## Problem description:
Skip every picture, and copy exactly the lines from the one containing "gpt: Next to" to the end of the data.

## Supplied records:
________________________________________
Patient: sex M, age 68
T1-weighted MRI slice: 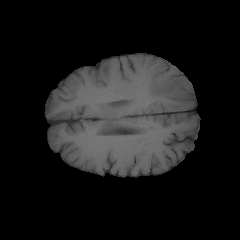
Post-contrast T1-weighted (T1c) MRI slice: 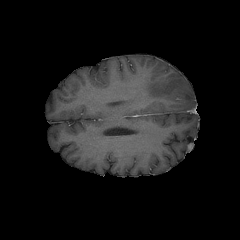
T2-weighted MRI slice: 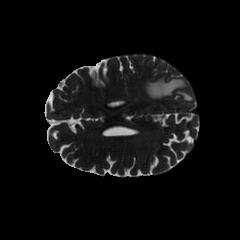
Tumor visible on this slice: yes
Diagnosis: Glioblastoma, IDH-wildtype
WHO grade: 4
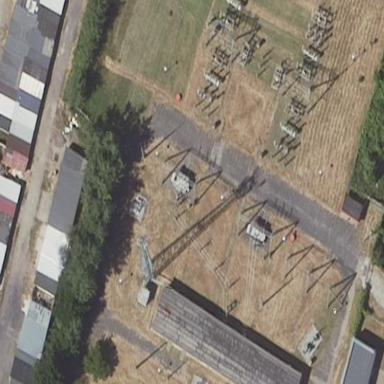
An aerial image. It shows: Industrial area with distribution level power substation. The substation is enclosed by fence.
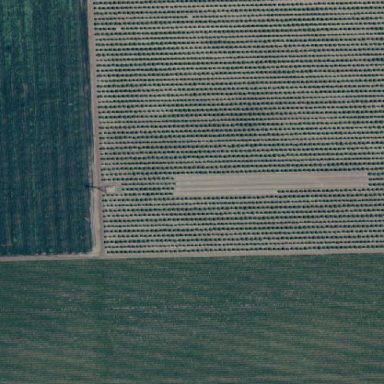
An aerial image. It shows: Orchard filled with almond trees.
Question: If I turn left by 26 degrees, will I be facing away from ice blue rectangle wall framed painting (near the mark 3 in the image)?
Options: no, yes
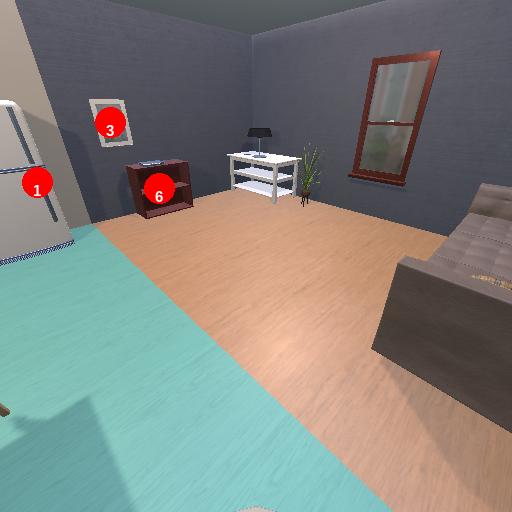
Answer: no
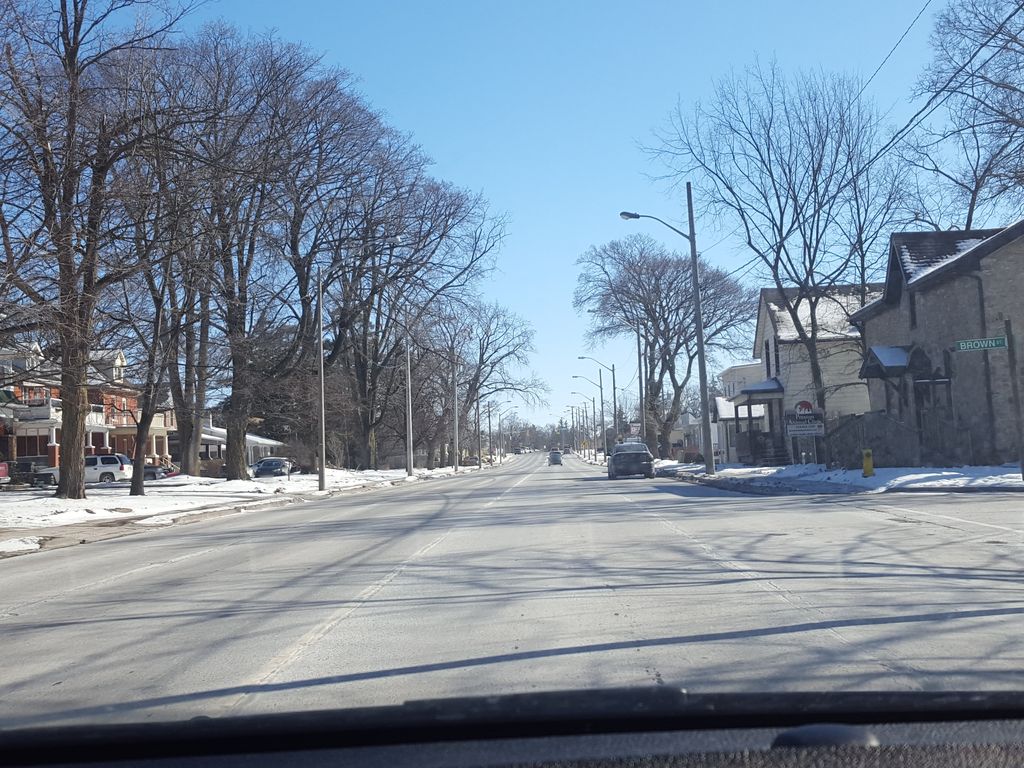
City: kitchener-waterloo
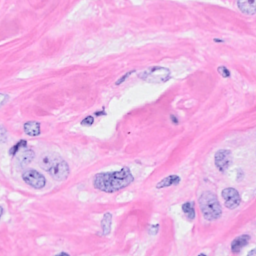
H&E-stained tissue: Breast
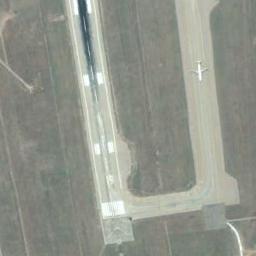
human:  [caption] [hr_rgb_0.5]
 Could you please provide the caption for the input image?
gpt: The runway goes through the lawn and a plane is about to enter the runway .

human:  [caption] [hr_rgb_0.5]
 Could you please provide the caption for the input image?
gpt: The runway is on the grass with an airplane .

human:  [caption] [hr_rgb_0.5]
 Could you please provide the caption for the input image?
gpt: There is a plane on the runway .

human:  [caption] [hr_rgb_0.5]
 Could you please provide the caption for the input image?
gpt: Next to the runway is a large patch of brown bare ground with white short-line signs on the runway and an aircraft on the runway .

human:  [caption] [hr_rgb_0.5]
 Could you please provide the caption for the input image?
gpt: There are bare lawns around the runway .
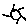
Label: sun
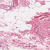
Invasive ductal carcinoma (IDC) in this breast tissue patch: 0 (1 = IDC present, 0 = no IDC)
________________________________________
## Response to this exercise:
gpt: Next to the runway is a large patch of brown bare ground with white short-line signs on the runway and an aircraft on the runway .

human:  [caption] [hr_rgb_0.5]
 Could you please provide the caption for the input image?
gpt: There are bare lawns around the runway .
Label: sun
Invasive ductal carcinoma (IDC) in this breast tissue patch: 0 (1 = IDC present, 0 = no IDC)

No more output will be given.